What is the right way to handle errors?

My script below scrapes a website and returns the data from a table. It's not finished but it works. The problem is that it has no error checking. Where should I have error handling in my script?
There are no unittests, should I write some and schedule my unittests to be run periodicaly. Or should the error handling be done in my script?
Any advice on the proper way to do this would be great.
#!/usr/bin/env python
''' Gets the Canadian Monthly Residential Bill Calculations table
from URL and saves the results to a sqllite database.
'''
import urllib2
from BeautifulSoup import BeautifulSoup
class Bills():
''' Canadian Monthly Residential Bill Calculations '''
URL = "http://www.hydro.mb.ca/regulatory_affairs/energy_rates/electricity/utility_rate_comp.shtml"
def __init__(self):
''' Initialization '''
self.url = self.URL
self.data = []
self.get_monthly_residential_bills(self.url)
def get_monthly_residential_bills(self, url):
''' Gets the Monthly Residential Bill Calculations table from URL '''
doc = urllib2.urlopen(url)
soup = BeautifulSoup(doc)
res_table = soup.table.th.findParents()[1]
results = res_table.findNextSibling()
header = self.get_column_names(res_table)
self.get_data(results)
self.save(header, self.data)
def get_data(self, results):
''' Extracts data from search result. '''
rows = results.childGenerator()
data = []
for row in rows:
if row == "\n":
continue
for td in row.contents:
if td == "\n":
continue
data.append(td.text)
self.data.append(tuple(data))
data = []
def get_column_names(self, table):
''' Gets table title, subtitle and column names '''
results = table.findAll('tr')
title = results[0].text
subtitle = results[1].text
cols = results[2].childGenerator()
column_names = []
for col in cols:
if col == "\n":
continue
column_names.append(col.text)
return title, subtitle, column_names
def save(self, header, data):
pass
if __name__ == '__main__':
a = Bills()
for td in a.data:
print td
See the documentation of all the functions and see what all exceptions do they throw.

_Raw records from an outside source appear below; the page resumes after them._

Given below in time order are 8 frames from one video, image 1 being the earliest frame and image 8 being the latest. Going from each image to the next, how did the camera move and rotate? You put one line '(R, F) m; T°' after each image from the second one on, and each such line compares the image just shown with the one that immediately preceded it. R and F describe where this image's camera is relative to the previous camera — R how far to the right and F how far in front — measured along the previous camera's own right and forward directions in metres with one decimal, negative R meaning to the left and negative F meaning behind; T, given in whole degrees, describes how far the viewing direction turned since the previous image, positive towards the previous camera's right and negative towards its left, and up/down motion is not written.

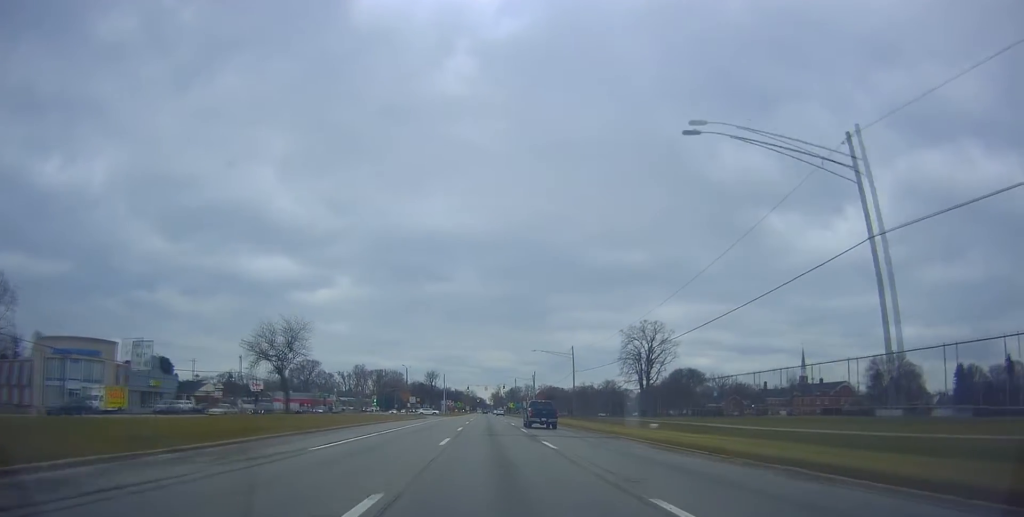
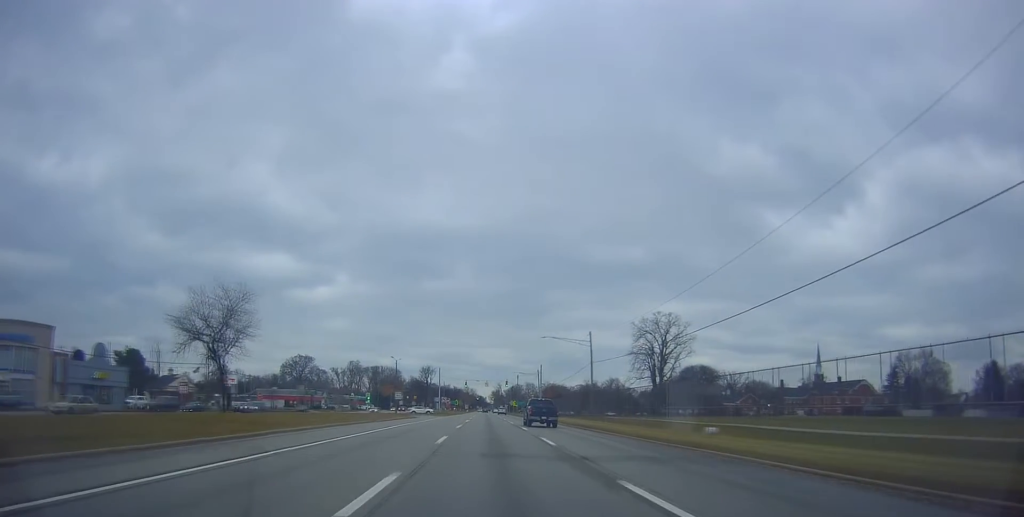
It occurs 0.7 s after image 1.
(+0.4, +14.0) m; -1°
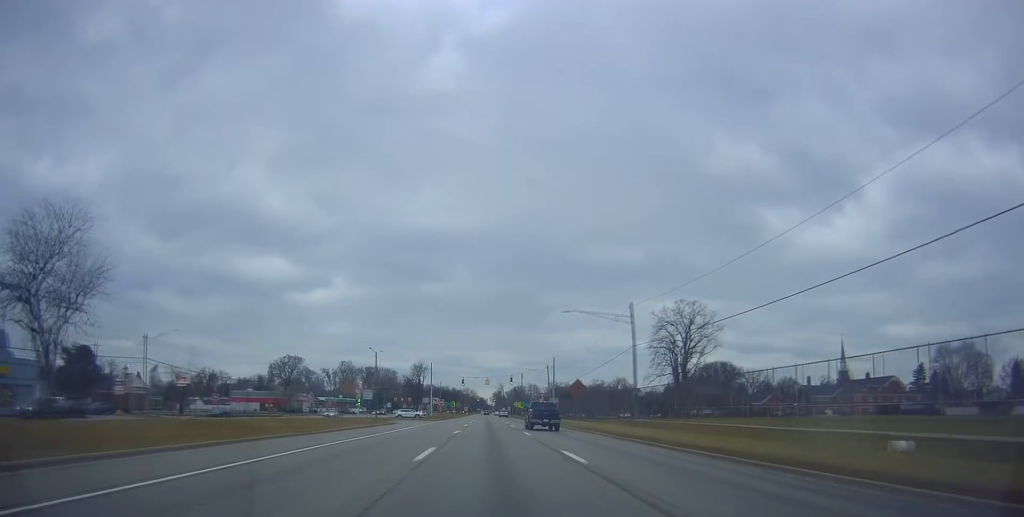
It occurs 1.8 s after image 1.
(-0.8, +19.8) m; 0°
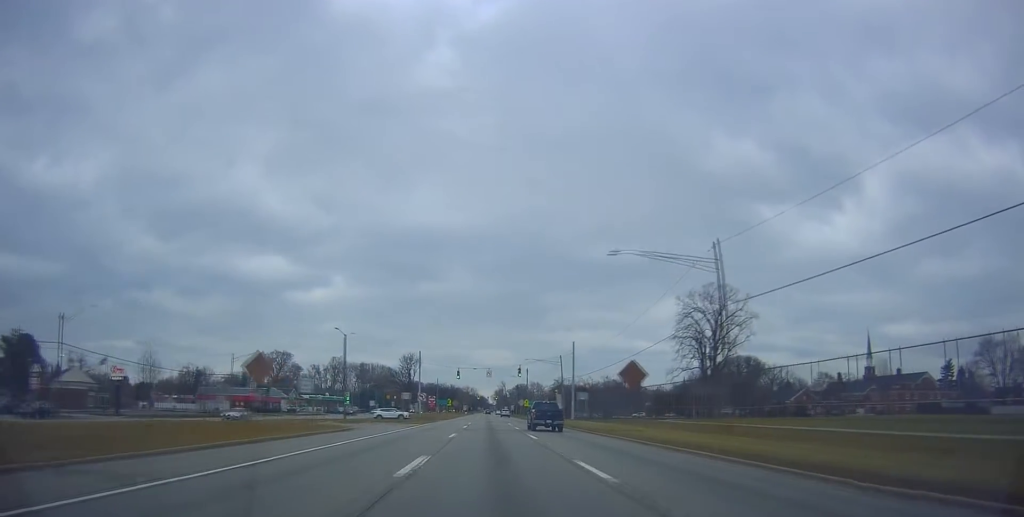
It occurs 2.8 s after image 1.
(+0.8, +19.4) m; 0°
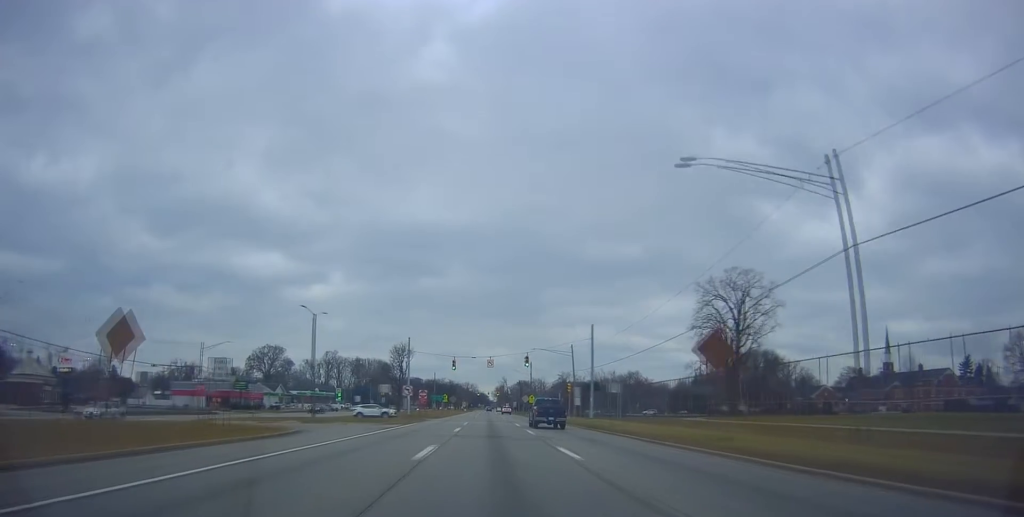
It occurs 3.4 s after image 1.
(-0.5, +12.4) m; -1°
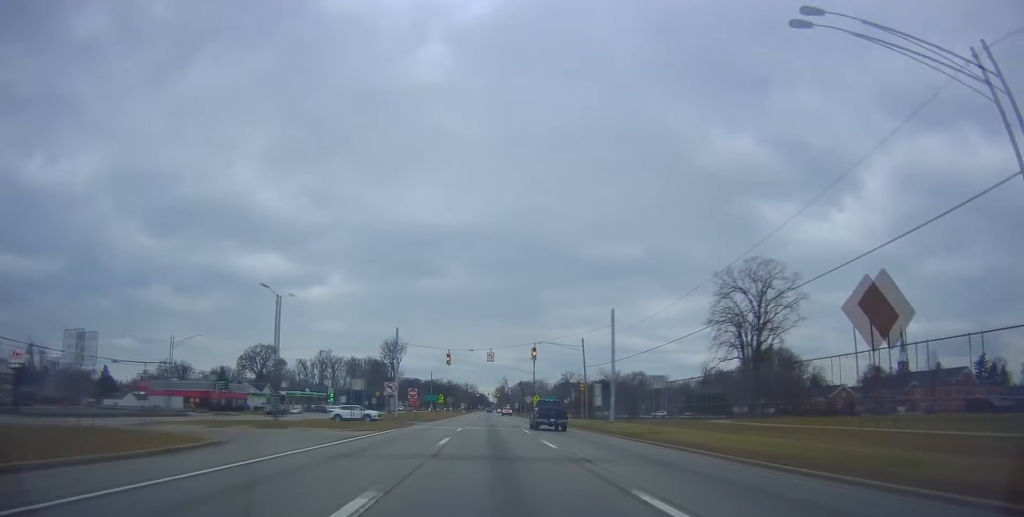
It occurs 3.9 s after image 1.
(-0.2, +9.8) m; 0°
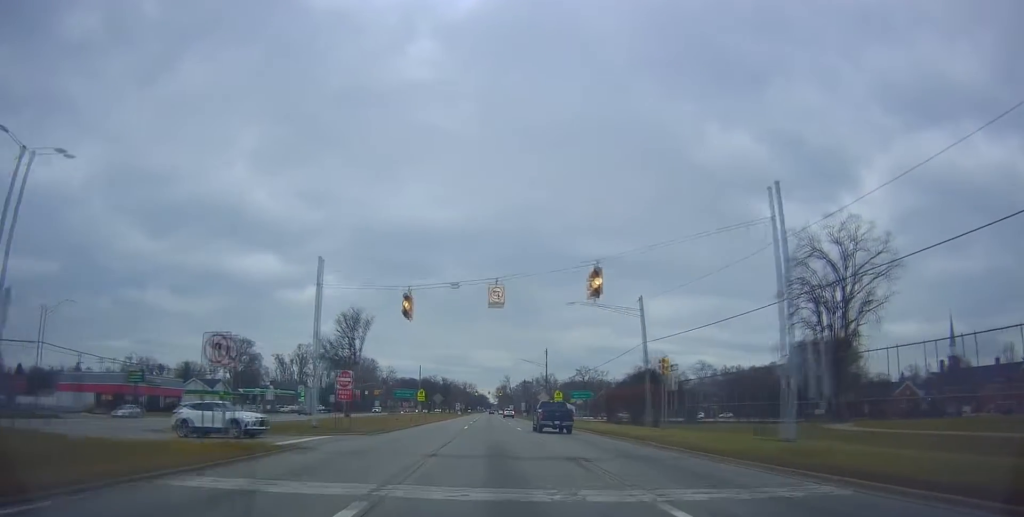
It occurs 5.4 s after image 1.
(+1.0, +29.5) m; +1°
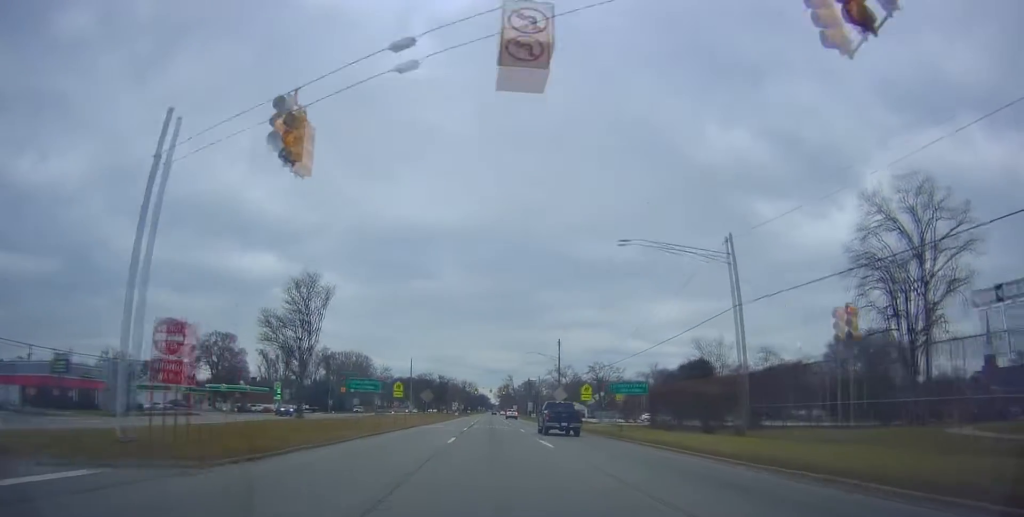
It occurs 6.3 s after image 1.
(-0.3, +18.1) m; 0°

For ex, in urllib2.urlopen(), it's written that Raises URLError on errors. It's a subclass of IOError.
So, for the urlopen(), you could do something like:
try:
doc = urllib2.urlopen(url)
except IOError:
print >> sys.stderr, 'Error opening URL'
Similary, do the same for others.
You should write unit tests and you should use exception handling. But only catch the exceptions you can handle; you do no one any favors by catching everything and throwing any useful information out.
Unit tests aren't run periodically though; they're run before and after the code changes (although it is feasible for one change's "after" to become another change's "before" if they're close enough).
A copple places you need to have them.is in importing things like tkinter
try:
import Tkinter as tk
except:
import tkinter as tk
also anywhere where the user enters something with a n intended type. A good way to figure this out is to run it abd try really hard to make it crash. Eg typing in wrong type.
The answer to "where should I have error handling in my script?" is basically "any place where something could go wrong", which depends entirely on the logic of your program.
In general, any place where your program relies on an assumption that a particular operation worked as you intended, and there's a possibility that it may not have, you should add code to check whether or not it actually did work, and take appropriate remedial action if it didn't. In some cases, the underlying code might generate an exception on failure and you may be happy to just let the program terminate with an uncaught exception without adding any error-handling code of your own, but (1) this would be, or ought to be, rare if anyone other than you is ever going to use that program; and (2) I'd say this would fall into the "works as intended" category anyway.